Jones, who was born in 1889, enlisted in the Army shortly after graduating from the University of Missouri in 1911.

His service included a position as a professor of military science and tactics at the University of Montana; an assignment in the Philippines as a military instructor during World War I; a command in 76th Field Artillery; the position of chief of field artillery in Washington, D.C.; during World War II, the commands of the Occupational Forces of Amchitka and Aleutians Islands, Alaska, and as the first commanding general of the 10th Mountain Division at Camp Hale, Colo., in 1943.

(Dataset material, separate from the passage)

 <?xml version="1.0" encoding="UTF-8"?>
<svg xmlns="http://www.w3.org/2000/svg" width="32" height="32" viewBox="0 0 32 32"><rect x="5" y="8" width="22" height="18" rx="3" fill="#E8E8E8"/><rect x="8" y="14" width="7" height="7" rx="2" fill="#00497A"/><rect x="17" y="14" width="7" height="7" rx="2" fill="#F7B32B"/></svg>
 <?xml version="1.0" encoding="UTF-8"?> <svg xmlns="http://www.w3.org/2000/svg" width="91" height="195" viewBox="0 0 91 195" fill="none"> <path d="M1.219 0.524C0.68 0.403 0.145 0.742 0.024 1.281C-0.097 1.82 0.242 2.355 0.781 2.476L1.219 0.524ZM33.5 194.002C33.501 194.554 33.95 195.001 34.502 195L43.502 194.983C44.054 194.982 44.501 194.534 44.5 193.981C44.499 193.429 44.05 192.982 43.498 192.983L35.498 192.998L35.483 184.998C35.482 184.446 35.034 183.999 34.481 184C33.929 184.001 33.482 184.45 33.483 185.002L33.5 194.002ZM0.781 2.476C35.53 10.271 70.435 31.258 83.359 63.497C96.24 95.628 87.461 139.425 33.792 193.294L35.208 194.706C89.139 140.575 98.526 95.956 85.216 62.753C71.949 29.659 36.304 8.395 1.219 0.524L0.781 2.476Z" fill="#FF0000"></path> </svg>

The 10th Mountain Division was constituted without any Army doctrine on mountain training. Jones began the legacy of mountain readiness by sending Soldiers to Elkin, W.Va., to return as rock climbing instructors, who became a part of the Mountain Training Group. The division also trained at Camp Swift, Texas, where Soldiers built their endurance by marching 25 miles in eight hours every week. This combination of mountain and light infantry training happened under Jones's command.

James Moore, Fort Drum's range operations safety officer, attended the event.

"It is fitting that they dedicated the building to him," Moore said. "The Range Operations Center manages all training on Fort Drum, and he was all about training."

The Range Operations Center staff coordinates more than 55 live-fire ranges including two indoor small-arms ranges, the O'Brien Readiness Training Center, and all field training exercises conducted on Fort Drum.